Beta-1,3-galactosyltransferase 5 is an enzyme that in humans is encoded by the B3GALT5 gene.

This gene is a member of the beta-1,3-galactosyltransferase (beta3GalT) gene family. This family encodes type II membrane-bound glycoproteins with diverse enzymatic functions using different donor substrates (UDP-galactose and UDP-N-acetylglucosamine) and different acceptor sugars (N-acetylglucosamine, galactose, N-acetylgalactosamine). The beta3GalT genes are distantly related to the Drosophila Brainiac gene and have the protein coding sequence contained in a single exon. The beta3GalT proteins also contain conserved sequences not found in the beta4GalT or alpha3GalT proteins. The carbohydrate chains synthesized by these enzymes are designated as type 1, whereas beta4GalT enzymes synthesize type 2 carbohydrate chains. The ratio of type 1:type 2 chains changes during embryogenesis.
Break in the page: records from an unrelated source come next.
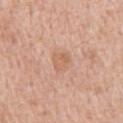No biopsy was performed on this lesion — it was imaged during a full skin examination and was not determined to be concerning. The lesion is on the chest. Cropped from a total-body skin-imaging series; the visible field is about 15 mm. An algorithmic analysis of the crop reported an area of roughly 4.5 mm², a shape eccentricity near 0.7, and two-axis asymmetry of about 0.3. It also reported about 7 CIELAB-L* units darker than the surrounding skin and a lesion-to-skin contrast of about 5 (normalized; higher = more distinct). It also reported peripheral color asymmetry of about 1. Imaged with white-light lighting. A male patient, approximately 60 years of age.
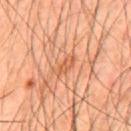A 15 mm close-up tile from a total-body photography series done for melanoma screening. Approximately 3 mm at its widest. This is a cross-polarized tile. An algorithmic analysis of the crop reported a lesion area of about 3.5 mm², an eccentricity of roughly 0.9, and a symmetry-axis asymmetry near 0.3. The analysis additionally found border irregularity of about 3 on a 0–10 scale, a color-variation rating of about 2/10, and radial color variation of about 0.5. The lesion is on the mid back. A male patient, approximately 45 years of age.
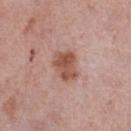The lesion was tiled from a total-body skin photograph and was not biopsied. The lesion is located on the chest. A male patient aged 73 to 77. A 15 mm close-up extracted from a 3D total-body photography capture. This is a white-light tile. Approximately 3.5 mm at its widest.
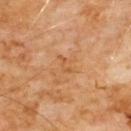biopsy status — imaged on a skin check; not biopsied | site — the chest | subject — male, about 60 years old | acquisition — ~15 mm tile from a whole-body skin photo | diameter — ≈2.5 mm | automated metrics — a shape eccentricity near 0.9 and a symmetry-axis asymmetry near 0.5; an automated nevus-likeness rating near 0 out of 100 and lesion-presence confidence of about 100/100.
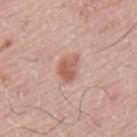Q: Was a biopsy performed?
A: total-body-photography surveillance lesion; no biopsy
Q: What is the imaging modality?
A: 15 mm crop, total-body photography
Q: Where on the body is the lesion?
A: the mid back
Q: What are the patient's age and sex?
A: male, aged approximately 75
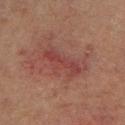Imaged during a routine full-body skin examination; the lesion was not biopsied and no histopathology is available.
The lesion is located on the leg.
The subject is a male aged 63 to 67.
Measured at roughly 5.5 mm in maximum diameter.
The tile uses cross-polarized illumination.
This image is a 15 mm lesion crop taken from a total-body photograph.
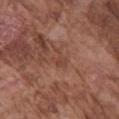The lesion was photographed on a routine skin check and not biopsied; there is no pathology result. A 15 mm crop from a total-body photograph taken for skin-cancer surveillance. This is a white-light tile. A male subject, in their mid-70s. The recorded lesion diameter is about 2.5 mm. The lesion is located on the right upper arm.
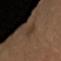biopsy status: no biopsy performed (imaged during a skin exam) | subject: male, in their mid- to late 40s | diameter: ≈3 mm | acquisition: ~15 mm crop, total-body skin-cancer survey | body site: the right forearm.
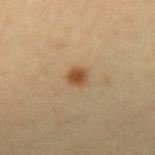Assessment:
Recorded during total-body skin imaging; not selected for excision or biopsy.
Clinical summary:
About 2.5 mm across. This image is a 15 mm lesion crop taken from a total-body photograph. A female subject, aged 28 to 32. Automated image analysis of the tile measured a footprint of about 4 mm² and a shape-asymmetry score of about 0.15 (0 = symmetric). It also reported a lesion color around L≈46 a*≈15 b*≈33 in CIELAB. The software also gave a nevus-likeness score of about 100/100. On the right forearm.
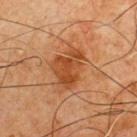The lesion was tiled from a total-body skin photograph and was not biopsied.
A male subject approximately 65 years of age.
Imaged with cross-polarized lighting.
Approximately 5 mm at its widest.
The lesion is on the chest.
A 15 mm close-up tile from a total-body photography series done for melanoma screening.
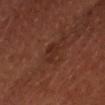biopsy status: no biopsy performed (imaged during a skin exam); size: about 3.5 mm; acquisition: ~15 mm crop, total-body skin-cancer survey; subject: male, aged around 45; anatomic site: the head or neck.
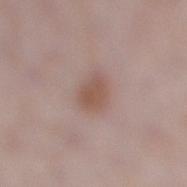Clinical impression: Part of a total-body skin-imaging series; this lesion was reviewed on a skin check and was not flagged for biopsy. Clinical summary: A female subject roughly 30 years of age. The lesion's longest dimension is about 3 mm. Captured under white-light illumination. The lesion-visualizer software estimated a footprint of about 5.5 mm², an eccentricity of roughly 0.65, and a shape-asymmetry score of about 0.2 (0 = symmetric). The analysis additionally found a lesion color around L≈53 a*≈18 b*≈25 in CIELAB and a normalized border contrast of about 7.5. The software also gave a classifier nevus-likeness of about 95/100. Cropped from a total-body skin-imaging series; the visible field is about 15 mm. On the leg.
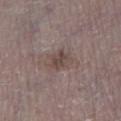biopsy status: imaged on a skin check; not biopsied | anatomic site: the leg | subject: male, aged approximately 70 | acquisition: 15 mm crop, total-body photography | lighting: white-light illumination | size: ~3 mm (longest diameter) | automated metrics: a lesion color around L≈45 a*≈14 b*≈19 in CIELAB, about 8 CIELAB-L* units darker than the surrounding skin, and a normalized border contrast of about 6.5; a border-irregularity index near 2.5/10 and internal color variation of about 4 on a 0–10 scale.
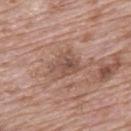| key | value |
|---|---|
| acquisition | ~15 mm crop, total-body skin-cancer survey |
| patient | male, aged around 70 |
| anatomic site | the upper back |
| lesion diameter | ~3.5 mm (longest diameter) |
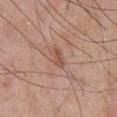Clinical impression: This lesion was catalogued during total-body skin photography and was not selected for biopsy. Background: A male patient, aged 58 to 62. The lesion is on the chest. A roughly 15 mm field-of-view crop from a total-body skin photograph.
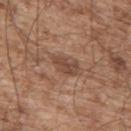Imaged during a routine full-body skin examination; the lesion was not biopsied and no histopathology is available.
An algorithmic analysis of the crop reported a lesion area of about 5.5 mm², an outline eccentricity of about 0.8 (0 = round, 1 = elongated), and a shape-asymmetry score of about 0.3 (0 = symmetric). The analysis additionally found an average lesion color of about L≈46 a*≈19 b*≈27 (CIELAB), about 9 CIELAB-L* units darker than the surrounding skin, and a normalized lesion–skin contrast near 7. And it measured a border-irregularity rating of about 3.5/10, a within-lesion color-variation index near 1.5/10, and a peripheral color-asymmetry measure near 0.5. And it measured a lesion-detection confidence of about 100/100.
The recorded lesion diameter is about 3.5 mm.
On the back.
Cropped from a total-body skin-imaging series; the visible field is about 15 mm.
Imaged with white-light lighting.
A male subject aged 53 to 57.

By sequence similarity, the beta3GalT genes fall into at least two groups: beta3GalT4 and 4 other beta3GalT genes (beta3GalT1-3, beta3GalT5). This gene encodes the most probable candidate for synthesis of the type 1 Lewis antigens which are frequently found to be elevated in gastrointestinal and pancreatic cancers. The encoded protein is inactive with N-linked glycoproteins and functions in mucin glycosylation. Five transcript variants have been described which differ in the 5' UTR. All transcript variants encode an identical protein.